Обязательно позже попробую. Пока же у нас получается вот что:
«Так уж совпало, что мое появление в приюте пришлось на ту пору, когда директриса отлучала от своей изобильной груди годовалую дочь. Разбуженная внеурочно, заранее раздраженная необходимостью тратить полдня на звонки в управление и составление кипы бумаг, Инесса прибыла на работу в не самом уютном своем настроении. Однако, чуть только ей предъявили меня, заметно смягчилась, углядев в подкидыше нечто такое, что понудило ее гнать мятый ликами персонал вон из комнаты и распахнуть настежь окна, чтобы следом за дворником и кастеляншей исторгнуть забытый здесь с ночи дух перегара.

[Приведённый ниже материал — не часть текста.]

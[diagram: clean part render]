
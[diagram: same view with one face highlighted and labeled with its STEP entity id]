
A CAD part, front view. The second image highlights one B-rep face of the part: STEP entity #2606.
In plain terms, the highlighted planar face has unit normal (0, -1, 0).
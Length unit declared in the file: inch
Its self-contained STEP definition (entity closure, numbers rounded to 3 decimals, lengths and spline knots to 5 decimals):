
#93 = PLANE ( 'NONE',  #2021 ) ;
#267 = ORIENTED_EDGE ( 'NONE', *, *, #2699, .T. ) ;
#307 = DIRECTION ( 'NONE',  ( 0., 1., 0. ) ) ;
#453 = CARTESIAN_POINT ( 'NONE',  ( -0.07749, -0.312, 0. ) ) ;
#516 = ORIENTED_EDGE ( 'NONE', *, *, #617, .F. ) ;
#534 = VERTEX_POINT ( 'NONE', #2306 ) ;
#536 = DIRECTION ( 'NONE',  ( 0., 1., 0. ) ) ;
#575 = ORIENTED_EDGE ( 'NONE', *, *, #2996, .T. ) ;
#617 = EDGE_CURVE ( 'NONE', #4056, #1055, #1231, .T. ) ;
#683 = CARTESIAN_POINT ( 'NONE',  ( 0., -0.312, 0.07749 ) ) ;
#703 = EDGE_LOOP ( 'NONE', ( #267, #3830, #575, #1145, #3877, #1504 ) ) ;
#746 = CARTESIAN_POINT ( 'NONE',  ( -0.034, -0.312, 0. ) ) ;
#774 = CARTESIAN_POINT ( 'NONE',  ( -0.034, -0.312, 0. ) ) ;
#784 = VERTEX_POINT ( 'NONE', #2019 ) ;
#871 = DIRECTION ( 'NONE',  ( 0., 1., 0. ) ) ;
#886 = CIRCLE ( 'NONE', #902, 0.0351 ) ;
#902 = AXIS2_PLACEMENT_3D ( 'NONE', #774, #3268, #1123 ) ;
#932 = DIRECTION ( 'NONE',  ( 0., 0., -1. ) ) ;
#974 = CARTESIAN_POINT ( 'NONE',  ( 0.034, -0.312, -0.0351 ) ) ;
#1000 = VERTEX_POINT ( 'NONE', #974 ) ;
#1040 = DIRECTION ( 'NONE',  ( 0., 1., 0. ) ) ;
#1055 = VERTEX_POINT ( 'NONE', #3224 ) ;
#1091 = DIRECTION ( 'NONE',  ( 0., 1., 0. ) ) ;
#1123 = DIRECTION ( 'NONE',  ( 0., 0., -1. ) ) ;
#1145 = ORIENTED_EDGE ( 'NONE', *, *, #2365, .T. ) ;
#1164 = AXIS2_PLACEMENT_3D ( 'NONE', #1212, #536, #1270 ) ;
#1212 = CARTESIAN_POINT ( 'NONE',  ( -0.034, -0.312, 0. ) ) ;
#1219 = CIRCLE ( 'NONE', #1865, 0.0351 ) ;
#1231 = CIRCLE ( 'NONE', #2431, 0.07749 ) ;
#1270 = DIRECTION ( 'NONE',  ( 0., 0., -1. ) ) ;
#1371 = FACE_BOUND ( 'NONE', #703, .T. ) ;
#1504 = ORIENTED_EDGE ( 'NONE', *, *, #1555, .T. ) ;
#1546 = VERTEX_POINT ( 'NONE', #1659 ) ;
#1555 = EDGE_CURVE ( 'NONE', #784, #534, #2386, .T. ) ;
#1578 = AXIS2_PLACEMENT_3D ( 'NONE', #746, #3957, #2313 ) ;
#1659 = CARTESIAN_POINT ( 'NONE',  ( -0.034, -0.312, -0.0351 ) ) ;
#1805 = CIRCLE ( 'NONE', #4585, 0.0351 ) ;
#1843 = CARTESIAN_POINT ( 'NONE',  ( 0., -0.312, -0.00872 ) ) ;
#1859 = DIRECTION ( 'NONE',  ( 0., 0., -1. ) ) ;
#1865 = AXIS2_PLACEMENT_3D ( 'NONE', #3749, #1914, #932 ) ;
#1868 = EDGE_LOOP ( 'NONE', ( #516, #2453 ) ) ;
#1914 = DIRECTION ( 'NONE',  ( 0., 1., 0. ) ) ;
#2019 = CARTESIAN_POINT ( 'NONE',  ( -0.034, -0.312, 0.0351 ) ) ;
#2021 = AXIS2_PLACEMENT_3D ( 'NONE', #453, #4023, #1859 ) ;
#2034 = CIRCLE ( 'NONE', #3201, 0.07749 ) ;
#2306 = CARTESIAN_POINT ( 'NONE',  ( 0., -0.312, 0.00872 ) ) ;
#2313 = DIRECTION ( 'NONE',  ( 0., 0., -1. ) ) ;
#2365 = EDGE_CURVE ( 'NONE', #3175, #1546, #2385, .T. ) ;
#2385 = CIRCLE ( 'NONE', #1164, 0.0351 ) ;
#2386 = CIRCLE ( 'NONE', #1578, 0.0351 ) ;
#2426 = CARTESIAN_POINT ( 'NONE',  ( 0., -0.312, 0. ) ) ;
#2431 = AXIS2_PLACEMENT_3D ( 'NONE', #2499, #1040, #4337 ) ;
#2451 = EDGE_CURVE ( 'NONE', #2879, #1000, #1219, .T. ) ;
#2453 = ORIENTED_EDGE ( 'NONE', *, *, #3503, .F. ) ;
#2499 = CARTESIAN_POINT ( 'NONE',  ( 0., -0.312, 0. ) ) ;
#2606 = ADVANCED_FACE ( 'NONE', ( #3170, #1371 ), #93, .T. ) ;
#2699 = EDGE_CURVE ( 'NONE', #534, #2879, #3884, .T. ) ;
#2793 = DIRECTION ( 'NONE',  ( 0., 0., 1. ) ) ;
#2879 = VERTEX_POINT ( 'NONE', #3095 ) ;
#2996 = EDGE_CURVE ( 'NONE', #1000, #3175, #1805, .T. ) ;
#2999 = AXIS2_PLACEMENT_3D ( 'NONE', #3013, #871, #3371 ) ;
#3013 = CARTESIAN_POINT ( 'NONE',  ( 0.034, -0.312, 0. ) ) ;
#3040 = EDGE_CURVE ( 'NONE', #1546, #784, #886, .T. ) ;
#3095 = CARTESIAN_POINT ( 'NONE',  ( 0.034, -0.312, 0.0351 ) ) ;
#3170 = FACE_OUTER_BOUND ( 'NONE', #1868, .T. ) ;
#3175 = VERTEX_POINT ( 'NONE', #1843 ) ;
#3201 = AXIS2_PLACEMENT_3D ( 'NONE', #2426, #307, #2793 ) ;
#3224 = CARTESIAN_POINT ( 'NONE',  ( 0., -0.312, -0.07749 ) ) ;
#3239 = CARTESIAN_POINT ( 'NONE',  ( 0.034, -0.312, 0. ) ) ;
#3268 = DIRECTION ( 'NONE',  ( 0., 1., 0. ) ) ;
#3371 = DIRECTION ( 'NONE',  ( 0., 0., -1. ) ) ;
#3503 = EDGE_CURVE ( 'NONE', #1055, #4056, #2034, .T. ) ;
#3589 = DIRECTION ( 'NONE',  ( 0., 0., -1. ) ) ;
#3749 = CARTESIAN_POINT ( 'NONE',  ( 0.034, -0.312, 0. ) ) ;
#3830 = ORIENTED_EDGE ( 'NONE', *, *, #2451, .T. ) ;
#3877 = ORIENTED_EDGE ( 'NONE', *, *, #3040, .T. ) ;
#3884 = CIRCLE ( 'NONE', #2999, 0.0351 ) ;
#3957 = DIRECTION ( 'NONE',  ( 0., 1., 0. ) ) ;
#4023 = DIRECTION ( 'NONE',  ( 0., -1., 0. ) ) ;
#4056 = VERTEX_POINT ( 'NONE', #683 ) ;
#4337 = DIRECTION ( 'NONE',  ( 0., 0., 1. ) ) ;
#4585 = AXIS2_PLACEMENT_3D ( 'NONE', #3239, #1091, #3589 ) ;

Неожиданно Инесса замерла у проема, растроганная влетевшим вместе с легким, как пух, ветерком запахом сочной весны. Почему-то этот запах впервые за годы очень явно напомнил ей аромат позабытого лета ее подростковой влюбленности, в которое ей довелось, всхлипнув в экстазе от боли, и злости, и какой-то хитрющей, пронырливой радости, потерять впопыхах невинность на задворках борьбы с аллергическим сорняком…

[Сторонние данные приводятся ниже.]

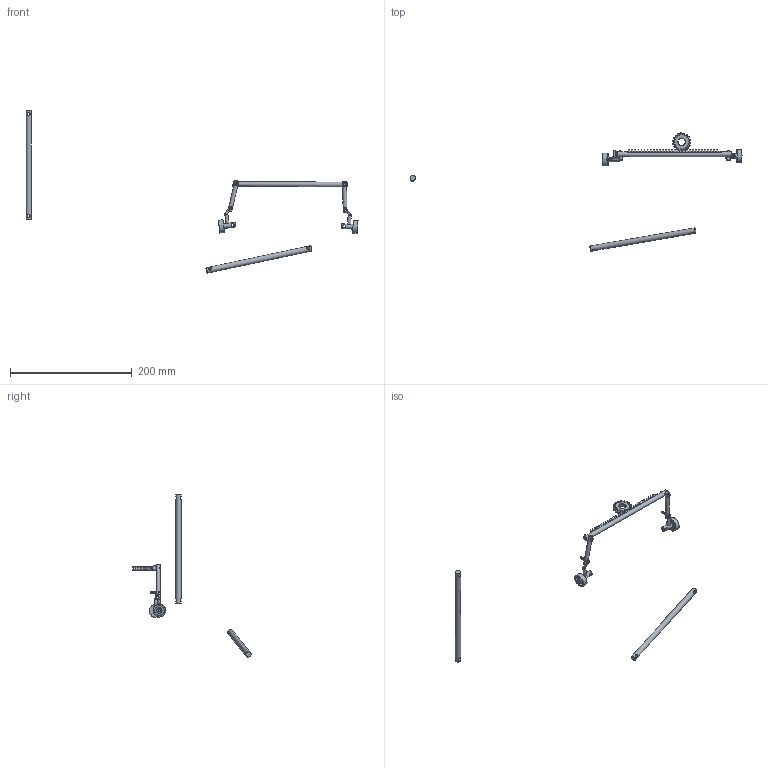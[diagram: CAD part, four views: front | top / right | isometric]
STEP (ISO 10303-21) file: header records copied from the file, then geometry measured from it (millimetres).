
FILE_DESCRIPTION(/* description */ (''),/* implementation_level */ '2;1');
FILE_NAME(/* name */ 'STEERING.stp',/* time_stamp */ '2024-08-21T16:40:01-04:00',/* author */ ('darkb'),/* organization */ (''),/* preprocessor_version */ 'ST-DEVELOPER v20',/* originating_system */ 'Autodesk Inventor 2025',/* authorisation */ '');
FILE_SCHEMA (('AUTOMOTIVE_DESIGN { 1 0 10303 214 3 1 1 }'));
Length unit declared in the file: inch
Products named in the file (8): STEERING; TIE ROD; CONNETING CYLINDER; WHEELS; rack and pinion assembly; pinion m10 z18 rack pinion; rack gear - m10 z30; SHAFT FOR STEERING 0.1 INCH
Assembly tree (13 placements, depth 3):
  STEERING
    TIE ROD  x2
    CONNETING CYLINDER  x2
    WHEELS  x2
    rack and pinion assembly
      pinion m10 z18 rack pinion
      rack gear - m10 z30
    SHAFT FOR STEERING 0.1 INCH  x4
Bounding box: 545.15 x 194.16 x 266.3 mm (x, y, z)
Volume: 44298.3 mm3; surface area: 27961.2 mm2
Topology: 12 solids, 12 shells, 568 faces, 1797 edges, 1217 vertices
Faces by surface type: plane 426, cylinder 118, bspline 20, cone 4
Full cylindrical faces by diameter (mm): 2.54 x12, 3.416 x2, 5.08 x8, 6.35 x6, 7.62 x3, 8.496 x2, 8.89 x2, 15.957 x2, 21.037 x2
Entity records: 16414 total; most frequent: CARTESIAN_POINT 6797, ORIENTED_EDGE 2026, DIRECTION 1891, EDGE_CURVE 1013, VERTEX_POINT 678, LINE 653, VECTOR 653, AXIS2_PLACEMENT_3D 619
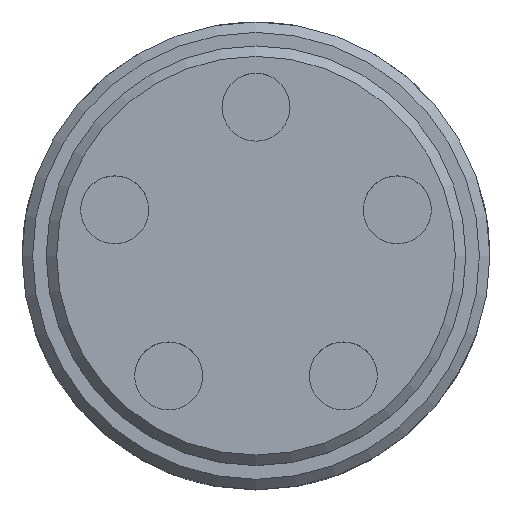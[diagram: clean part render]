
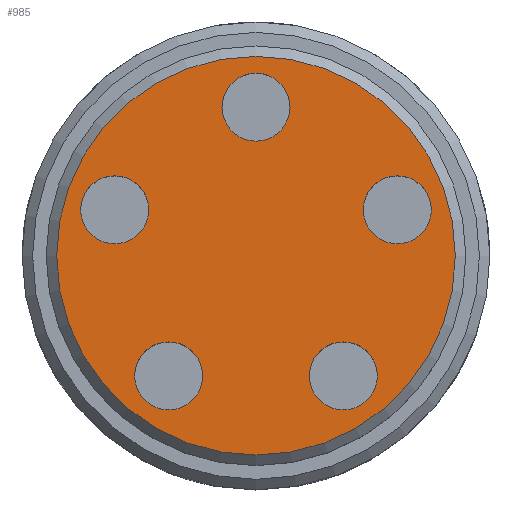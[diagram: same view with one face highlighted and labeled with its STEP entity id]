
A CAD part, top view. The second image highlights one B-rep face of the part: STEP entity #985.
In plain terms, the highlighted planar face has unit normal (0, 0, 1).
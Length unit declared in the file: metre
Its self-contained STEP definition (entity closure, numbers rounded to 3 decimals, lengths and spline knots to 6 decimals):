
#68=CIRCLE('',#1101,0.01905);
#69=CIRCLE('',#1102,0.00325);
#70=CIRCLE('',#1103,0.00325);
#71=CIRCLE('',#1104,0.00325);
#72=CIRCLE('',#1105,0.00325);
#73=CIRCLE('',#1106,0.00325);
#309=ORIENTED_EDGE('',*,*,#455,.T.);
#310=ORIENTED_EDGE('',*,*,#456,.T.);
#311=ORIENTED_EDGE('',*,*,#457,.T.);
#312=ORIENTED_EDGE('',*,*,#458,.T.);
#313=ORIENTED_EDGE('',*,*,#459,.T.);
#314=ORIENTED_EDGE('',*,*,#460,.T.);
#455=EDGE_CURVE('',#548,#548,#68,.T.);
#456=EDGE_CURVE('',#549,#549,#69,.T.);
#457=EDGE_CURVE('',#550,#550,#70,.T.);
#458=EDGE_CURVE('',#551,#551,#71,.T.);
#459=EDGE_CURVE('',#552,#552,#72,.T.);
#460=EDGE_CURVE('',#553,#553,#73,.T.);
#548=VERTEX_POINT('',#1674);
#549=VERTEX_POINT('',#1676);
#550=VERTEX_POINT('',#1678);
#551=VERTEX_POINT('',#1680);
#552=VERTEX_POINT('',#1682);
#553=VERTEX_POINT('',#1684);
#771=EDGE_LOOP('',(#309));
#772=EDGE_LOOP('',(#310));
#773=EDGE_LOOP('',(#311));
#774=EDGE_LOOP('',(#312));
#775=EDGE_LOOP('',(#313));
#776=EDGE_LOOP('',(#314));
#867=FACE_BOUND('',#771,.T.);
#868=FACE_BOUND('',#772,.T.);
#869=FACE_BOUND('',#773,.T.);
#870=FACE_BOUND('',#774,.T.);
#871=FACE_BOUND('',#775,.T.);
#872=FACE_BOUND('',#776,.T.);
#936=PLANE('',#1100);
#985=ADVANCED_FACE('',(#867,#868,#869,#870,#871,#872),#936,.T.);
#1100=AXIS2_PLACEMENT_3D('',#1672,#1375,#1376);
#1101=AXIS2_PLACEMENT_3D('',#1673,#1377,#1378);
#1102=AXIS2_PLACEMENT_3D('',#1675,#1379,#1380);
#1103=AXIS2_PLACEMENT_3D('',#1677,#1381,#1382);
#1104=AXIS2_PLACEMENT_3D('',#1679,#1383,#1384);
#1105=AXIS2_PLACEMENT_3D('',#1681,#1385,#1386);
#1106=AXIS2_PLACEMENT_3D('',#1683,#1387,#1388);
#1375=DIRECTION('',(0.,0.,1.));
#1376=DIRECTION('',(1.,0.,0.));
#1377=DIRECTION('',(0.,0.,1.));
#1378=DIRECTION('',(1.,0.,0.));
#1379=DIRECTION('',(0.,0.,-1.));
#1380=DIRECTION('',(-1.,0.,0.));
#1381=DIRECTION('',(0.,0.,-1.));
#1382=DIRECTION('',(-1.,0.,0.));
#1383=DIRECTION('',(0.,0.,-1.));
#1384=DIRECTION('',(-1.,0.,0.));
#1385=DIRECTION('',(0.,0.,-1.));
#1386=DIRECTION('',(-1.,0.,0.));
#1387=DIRECTION('',(0.,0.,-1.));
#1388=DIRECTION('',(-1.,0.,0.));
#1672=CARTESIAN_POINT('',(0.,0.,0.0225));
#1673=CARTESIAN_POINT('',(0.,0.,0.0225));
#1674=CARTESIAN_POINT('',(0.01905,0.,0.0225));
#1675=CARTESIAN_POINT('',(0.,0.0142,0.0225));
#1676=CARTESIAN_POINT('',(-0.00325,0.0142,0.0225));
#1677=CARTESIAN_POINT('',(0.013505,0.004388,0.0225));
#1678=CARTESIAN_POINT('',(0.010255,0.004388,0.0225));
#1679=CARTESIAN_POINT('',(0.008347,-0.011488,0.0225));
#1680=CARTESIAN_POINT('',(0.005097,-0.011488,0.0225));
#1681=CARTESIAN_POINT('',(-0.008347,-0.011488,0.0225));
#1682=CARTESIAN_POINT('',(-0.011597,-0.011488,0.0225));
#1683=CARTESIAN_POINT('',(-0.013505,0.004388,0.0225));
#1684=CARTESIAN_POINT('',(-0.016755,0.004388,0.0225));

Соблазнившись мороженым и воздушным шаром на нитке, что вручил ей вместо букета безобидный с виду комсорг в велосипедоподобных очках, она поддалась уговорам обустроить в сарае привал – не столько из-за вывиха лодыжки (левой или правой, она и сама еще путалась), сколько из озорного лукавства, избравшего целью внеурочную апробацию пустяковых азов обольщения. Для приличия поохав, Инесса удобно уселась в траву, скрестила опасно свои загорелые ноги, доверила голень объятиям чужой и пугливой руки и, вынуждая потеть стекляшками юношу, принялась слизывать шоколадномолочные слезки с тающего брикета. Внимая спотыкливым рифмам припасенных трепещущим ухажером стихов, она попутно боролась со своим внезапным порывом вцепиться ему коготками в небритость на шее и замурлыкать. Так и там, под дырявым навесом из мигавшего солнечным лучиком шифера, на пушистой перине бархатистой стеблями амброзии, в жизнерадостном ритме хорея – как она узнала позднее, сочиненного не комсоргом, а старым распутником Пушкиным – и состоялся обряд приобщения Инессы к скудным сюрпризам советской эротики. После чего ежегодно, по осени, ей приходилось расплачиваться за ту мгновенную, словно хлопок от воздушного шара (между прочим, так и застрявшего в пальцах, до конца защищавшего подступы к бюсту и, будто нарочно, лопнувшего в самый громкий, отчаянный миг, залепивши резиновой тряпкой хриплый и приторный, вкуса какао, неприлично икнувший в ней вскрик – показалось, то сердце взорвалось и дрожью стекло по защелкнутым на совратителе, словно наручники, бедрам), ту обманчивую, полудетскую, ту эскимошную усладу сопливой сенной лихорадкой. Да еще столь лютыми приступами, что аллергия на траву грозила по принципу аналогии перекинуться на саму сексуальную почву вместе со всем, что на ней прорастало – обычно случайным и мелким ростком. Натура ранимая и впечатлительная, Инесса долго еще не могла скрыть нервозность при виде подтаявшего мороженого, воздушных шаров и костлявых очкариков. Иногда от этих вещей ее прямо мутило. Иногда же они возбуждали такую свирепость желания, что зубы скрипели – до того становилось ей невтерпеж. Время от времени (когда улыбалась удача) ее навещал и оргазм – внезапный и редкий подарок; жизнь ее научилась вполне обходиться его субститутом – сериалом растленных, несбыточных снов.